Aquilino Ribeiro (born Sept. 13, 1885, Beira Alta, Port.—died May 27, 1963, Lisbon) was a novelist, the mainstay of Portuguese fiction writing until the surge of neorealist regionalism that began in 1930.
Ribeiro’s revolutionary activism forced him to flee Portugal several times between 1908 and 1932. Much of his time in exile was spent in Paris. Although one of his country’s most prolific writers, he is less widely read than many others because of his use of regional terminology deriving from the rural northeastern section of the country. Much of Ribeiro’s prose portrays human types and ways of life observed during his own formative years in Beira Alta.

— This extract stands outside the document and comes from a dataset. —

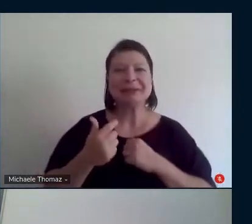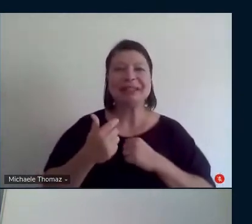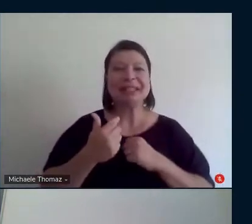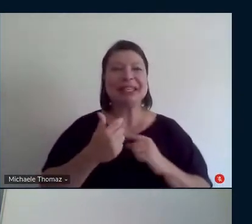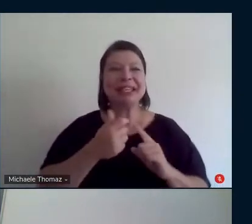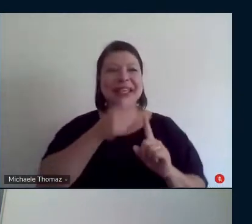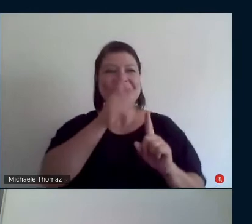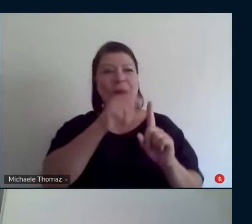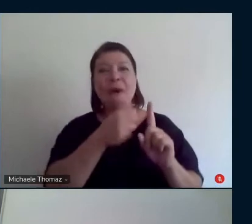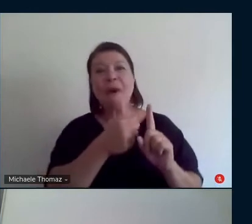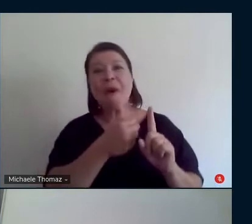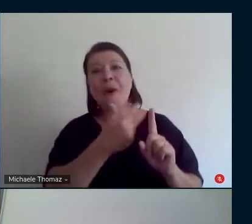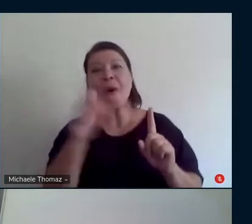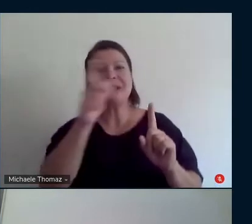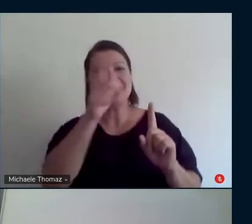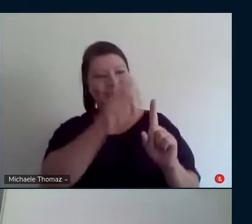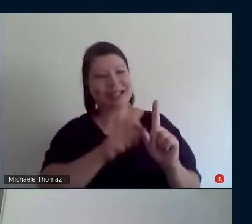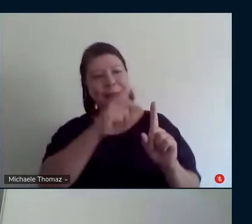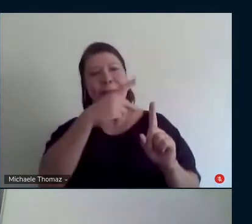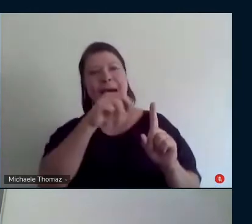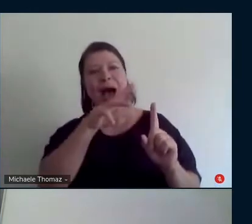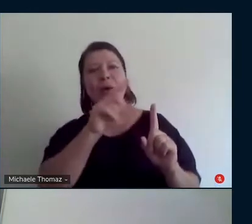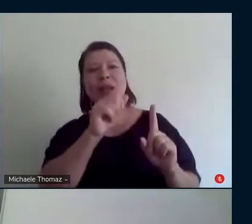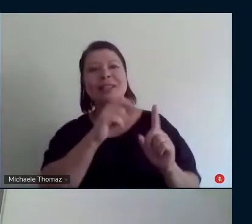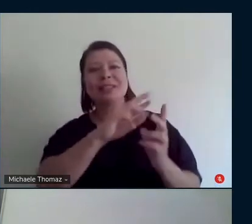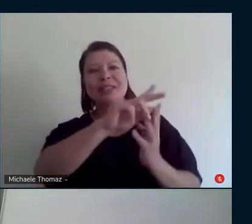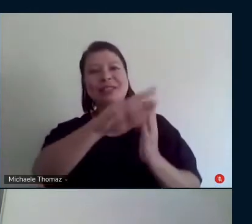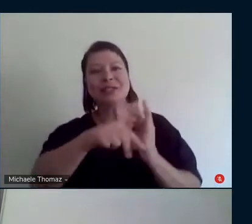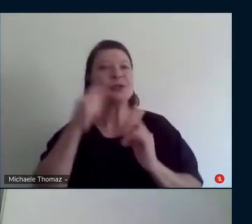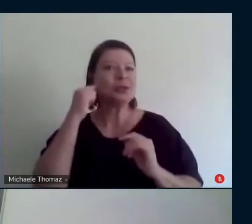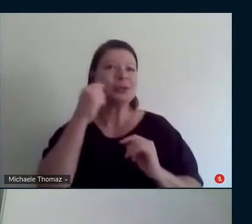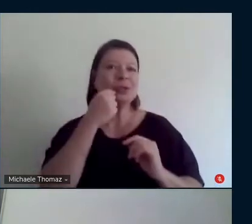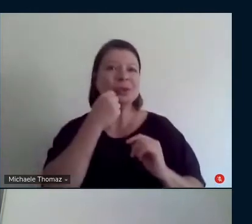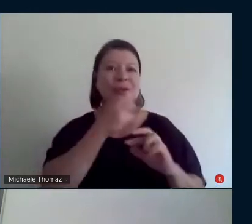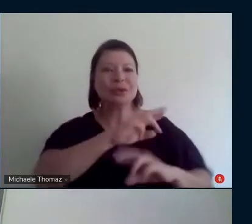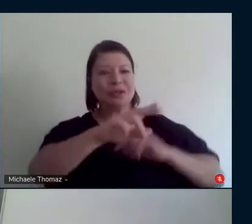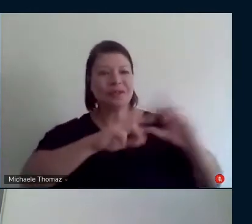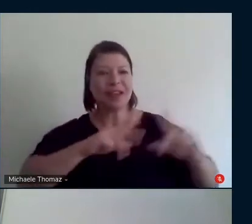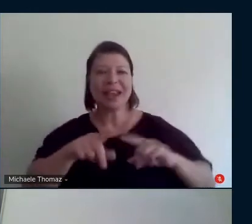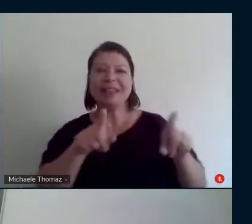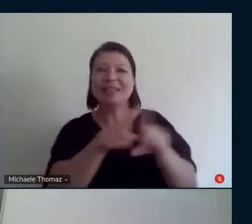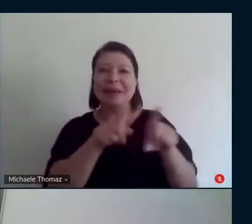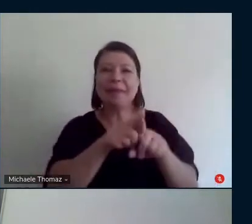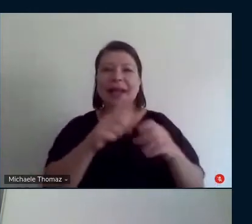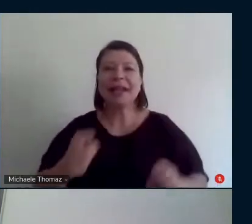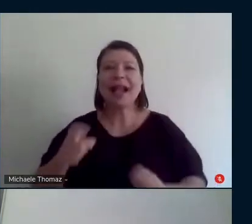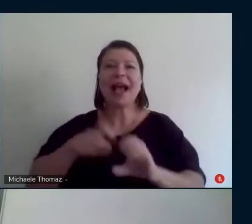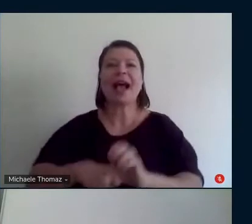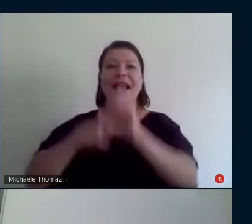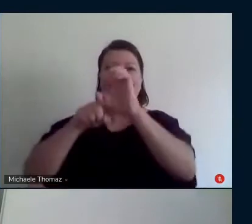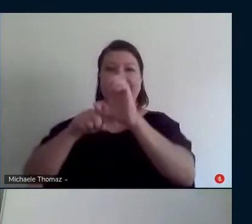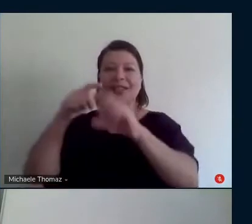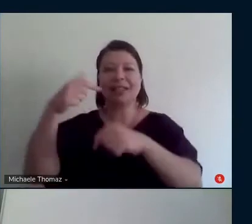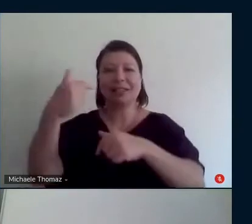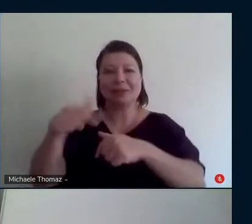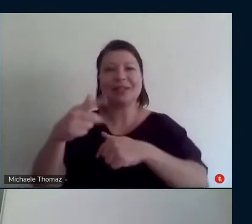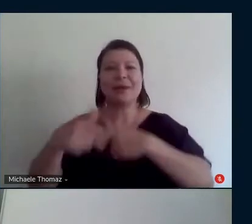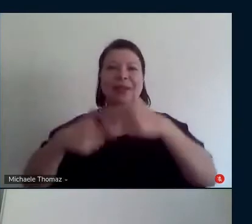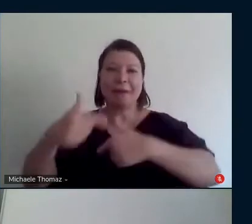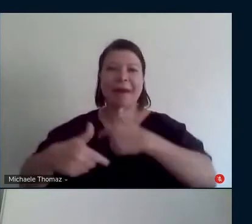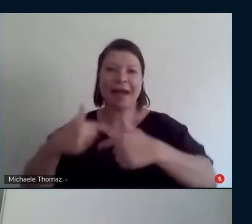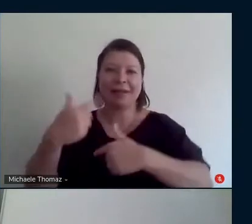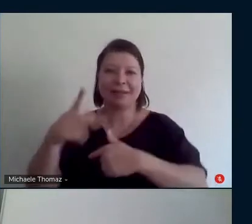caminho lindo aí da docência viu parabéns o texto está lindo lindo pra mim você está aprovadíssima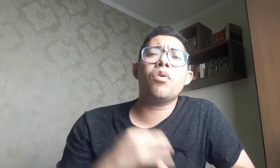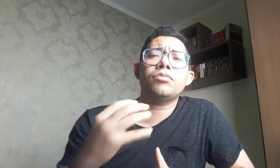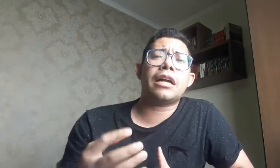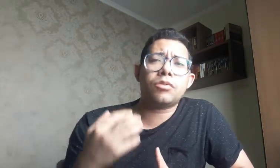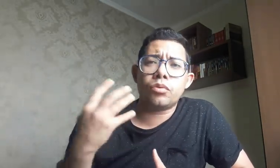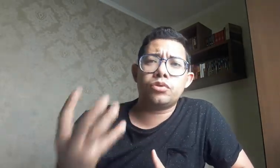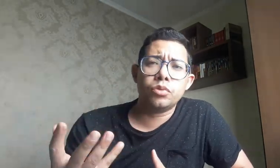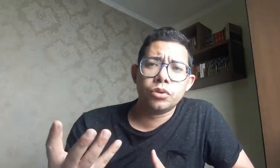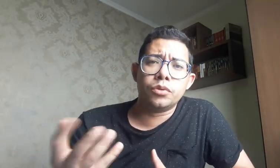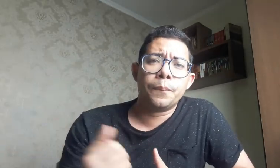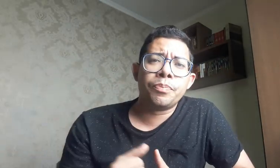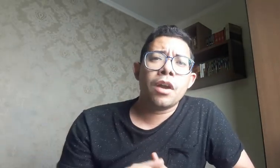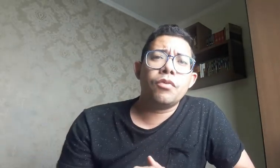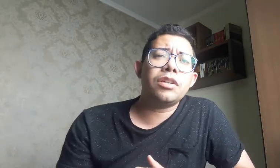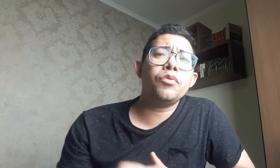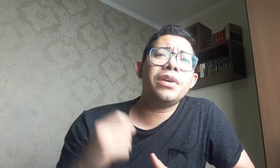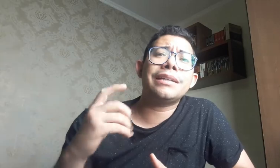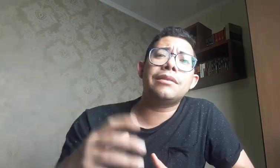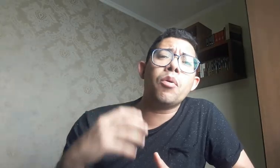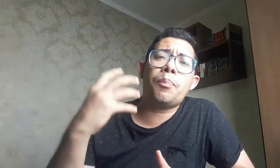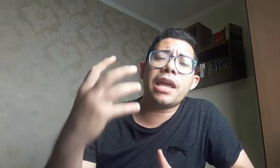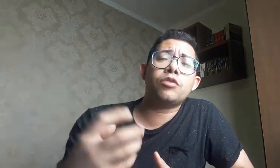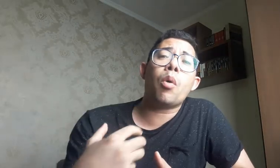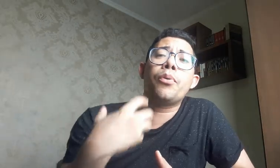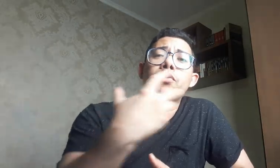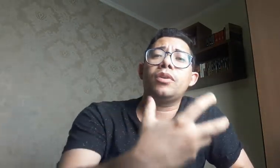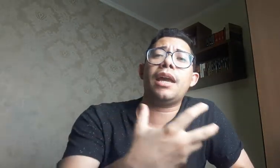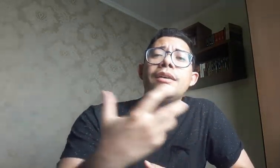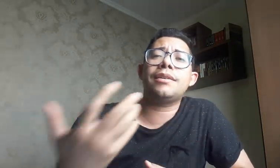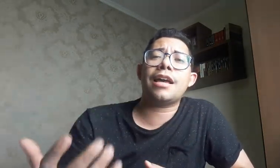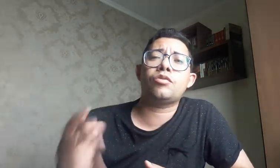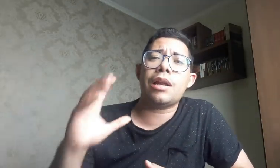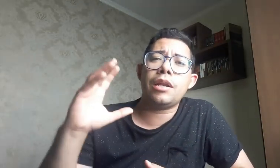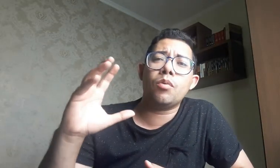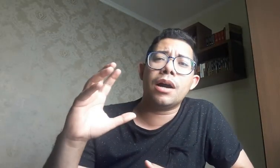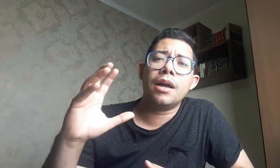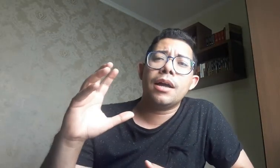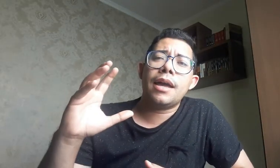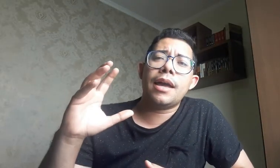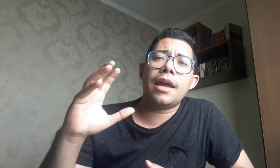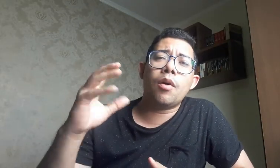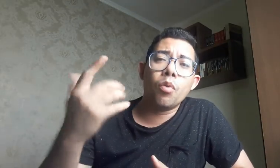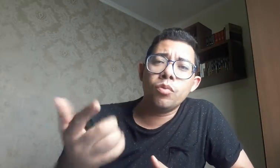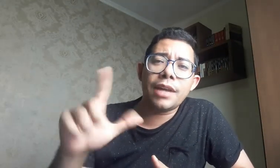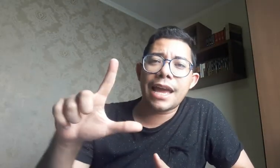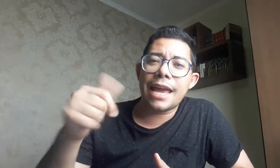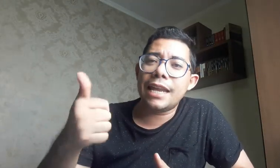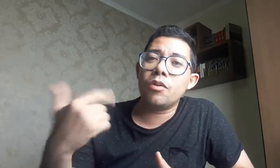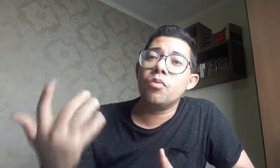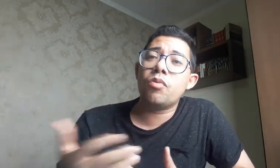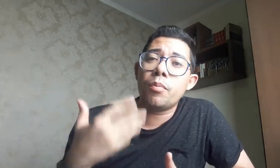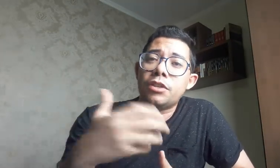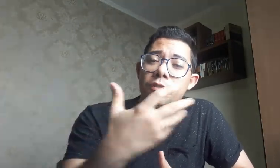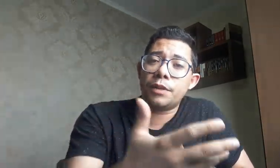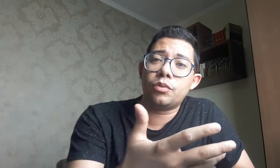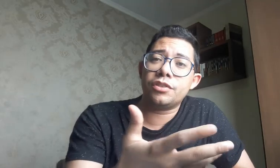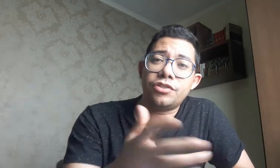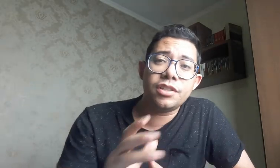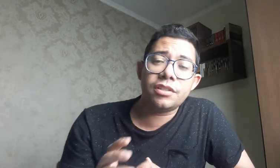contato com surdo, você não fica tão preso ao português que é a sua língua 1, né? A L1, como muitas pessoas dizem.

Ribeiro launched his writing career in 1913 with Jardim das tormentas (“Garden of Torments”) and then Terras do demo (1919; “Lands of the Demon”), followed by pieces of shorter fiction subsequently included in Estrada de Santiago (1922; “Road to Santiago”). He was a member of the Presença group in the 1920s. He remained active into the late 1950s, publishing A casa grande de Romarigães (1957; “The Great House of Romarigães”) and Quando os lobos uivam (1958; “When the Wolves Howl”). During his 40-year career, Ribeiro published some two dozen novels, most of them notable for the stylistic craft used to depict a geographic region with its rustic slang, archaic forms of speech, human types, fauna, and flora. The most memorable of Ribeiro’s protagonists is Malhadinhas, a muleteer who appears in Estrada de Santiago and who became the prototype of the rural Portuguese for many contemporary readers.